Where does our mind go, when we fall asleep? Can dreams weave a layer of parallel existence? Can there be another reality beyond all that we touch, see or feel? It is a normal day for Manisha. She wakes up from sleep and goes to work. On her way back home, she walks into a coffee shop. The cafe is empty but for an old man behind the counter and another man at a corner table. Later in the night, this man comes back to her in her sleep and then, every night thereafter. A new journey begins and a transcendence. A story weaves itself around a life unfulfilled and a destiny, beautiful and fated. But… where does this journey lead her to? Will Manisha be able to find her way through these parallel worlds? The novel Elixir, published by Readomania, is a must read by Sinjini Sengupta. Here’s an extract, exclusively for Different Truths.
When rain hits the earth, it brings a few pieces of the sky down with itself…have you ever seen? The pictures shift as you do…the tall towers, the TV antennae, the row of pigeons on electric wires…and far beyond, if you look, the endless blue of the horizon. These solitary reflections, they last throughout the dark nights….
And then?
Then, on the morrow when the Sun comes calling, they go back. To make the sky one whole again. But wait. Can the sky ever be whole, with such void all over itself?
Manisha believed in these pictures as a child. When other children huddled together to sail paper boats, she’d step aside, stand apart at a distance. Her pictures, they were more precious! She saved her share of the puddle; she wouldn’t trade it for the sea.
And anyway, she never had much anywhere to go! Her boats were always frail, as much as she ever tried. They just formed ripples and broke the pictures into pieces, and then they drowned themselves in it. Come next morning, cars would run them over; then, you couldn’t even tell them from the mud. It was risky out in the sea, she was sure, she had grown to believe. She loved the confines of the known, instead. The still frames of water held far more promises than the doomed destiny of wet paper mounds. The secrecy, the treasure hunt at the rainbow’s end. The pictures on the water, of the sky…they felt like letters from above, to her. Letters, from someone who loved her silly, perhaps, even as a star.
But, rains…what is it that rains had to do with her life?
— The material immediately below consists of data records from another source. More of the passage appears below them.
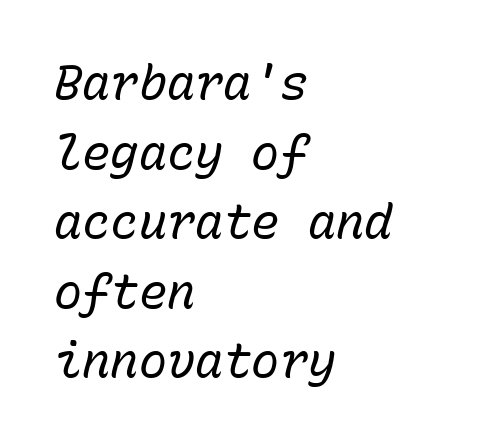
The image shows 47 px regular-weight type, italic (leaning right), monospaced; set left-aligned, normal line spacing (1.48x), normal letter spacing, not underlined; low stroke contrast and a medium x-height.
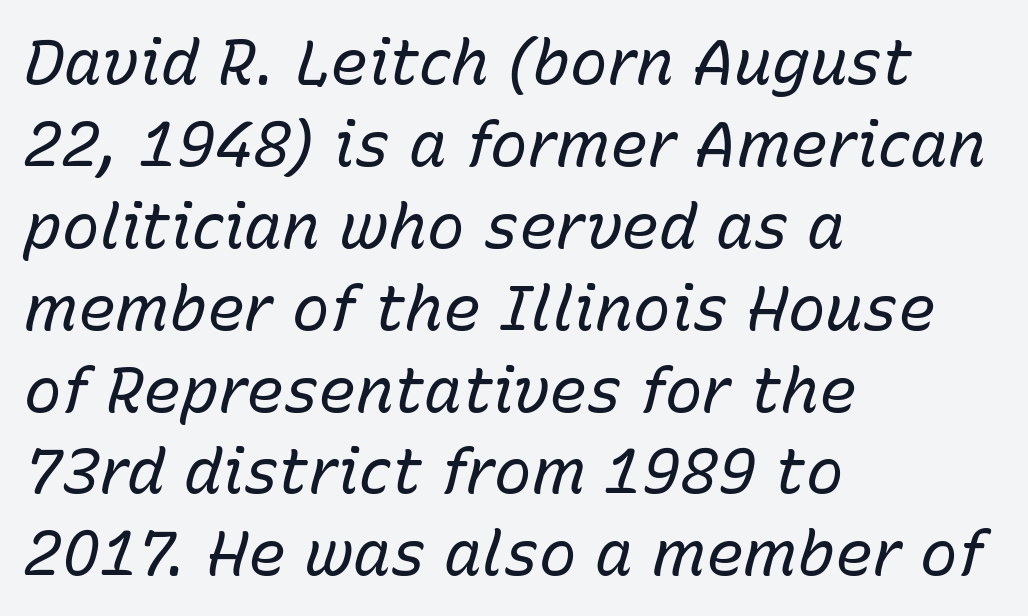
Each stroke keeps to a modest, everyday thickness or less. What stands out about the letter spacing? Nothing — it is the standard amount. Notice how descenders clear the ascenders below comfortably — that's standard leading. The compositor pushed each line to the left boundary.
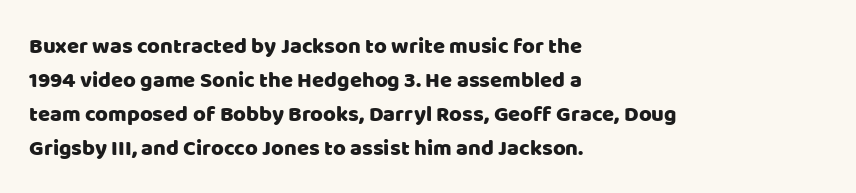
{"italic": "no", "underline": "no", "align": "left", "line_spacing": "normal", "line_spacing_ratio": 1.54, "letter_spacing": "normal", "letter_spacing_em": 0.0, "glyph_px": 22}

It had rained the day she was born, Amma had told her. Amma, her grandmother. When the water broke, it rained so much that the car wouldn’t start. They took a bus, crowded, bumpy. When they reached the hospital, Maa’s shrill screams had turned into faint moaning. The doctors said it was late, now they could save only one of the two.
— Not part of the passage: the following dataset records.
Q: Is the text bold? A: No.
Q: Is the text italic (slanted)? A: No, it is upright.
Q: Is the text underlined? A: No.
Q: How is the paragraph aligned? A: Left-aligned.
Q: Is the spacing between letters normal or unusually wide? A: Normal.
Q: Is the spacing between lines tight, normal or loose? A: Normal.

‘Who did you choose,’ she’d ask Amma. ‘Who, between the two of us?’
Amidst fairy tales and mythologies, amidst the dance of shadows on the lonely roof. Reindeers and greyhounds in black finger- shadows, by the wall. Whizzes of mosquitoes, a lone green spiral in smokes in their sole rescue. Amma would tell her stories, by the shadow of the dark, rainy evenings…
At times, she’d tell her stories from the Mahabharata. The valour of Arjun. The integrity of Yudhishthira. The foresight of Krishna. The sacrifice of Devavrata. Bhishma. His mother too had left at birth. Like hers. But then, Bhishma had a boon to fall back on—a magic power. He could choose his death. ‘Because, you see, he was not just any man. He was an angel, cursed into a mortal life,’ Amma would wag her wrinkled fingers, making her point clear, telling one from another. It helps to be able to choose death, Moni thought. At least when you don’t want something anymore, you know how to leave. ‘And when he would choose to die, he could go back to his own world. There, they are waiting for him to return, his loved ones,’ Amma would say, her eyelids drooping with the weight of faith.
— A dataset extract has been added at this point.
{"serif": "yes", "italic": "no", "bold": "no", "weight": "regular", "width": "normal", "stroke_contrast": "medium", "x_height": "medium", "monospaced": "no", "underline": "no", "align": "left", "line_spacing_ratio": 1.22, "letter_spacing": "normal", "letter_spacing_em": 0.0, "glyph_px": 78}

‘But Amma, would they not call him a loser if he leaves in the middle of the game?’ Moni would still ask, shifting closer to her lap. ‘What does it matter what others say, Moni? You know your truth the best, you always do.’ Amma would lift her closed eyes upwards at the ceiling, speaking in the same voice that she otherwise uses to chant from the tattered pages of the Lakshmi Panchali at six-thirty on summer evenings.
The conch shell would still be in the air, still, a strange vibration, almost tangible, incoherently mixed with the sandalwood incenses that Pishi got them from their last trip to Puri. Moni never went on vacations, unlike everyone else. You cannot go on vacations if you do not have a mother to pack the suitcase, help you climb up the berths in the train coupe or hold your arm tightly where the surfs meet the sand. If you go, you could drown.
Nevertheless, Manisha never stopped thinking of the sea either. She inhaled the imaginary yet intense salt in the air until it burned in her tiny nostrils, and then she’d hold up in her hand the seashore sand in a fistful passage of time. Imaginary. You could not drown from imaginations, could you?
Moni meant to ask Amma that. But then, the next evening, Amma forgot all about Bhishma and Ichchhyemrityu, and went straight to the great war of Kurukshetra. ‘Abhimanyu only knew how to enter the Chakravyuha, he always knew that as a child. And so he went inside, gallant, brave and strong. He flashed his swords in his tiny hands…you see, he was still a child, then.’ Moni would draw away from Amma’s lap, shuddering, her eyes full of flashes, fire and blood. ‘But why was he so foolish, why could he not see what was coming?’ she would ask. ‘Not foolish, no,’ Amma would reply sternly. ‘He was brave. But you see, the catch was somewhere else. Abhimanyu only knew how to go inside, but no one ever taught him how to come out of it all. It was that, what killed him,’ Amma would drawl on the syllables, her voice back into the chanting tune, like she always did at the end of the day’s stories.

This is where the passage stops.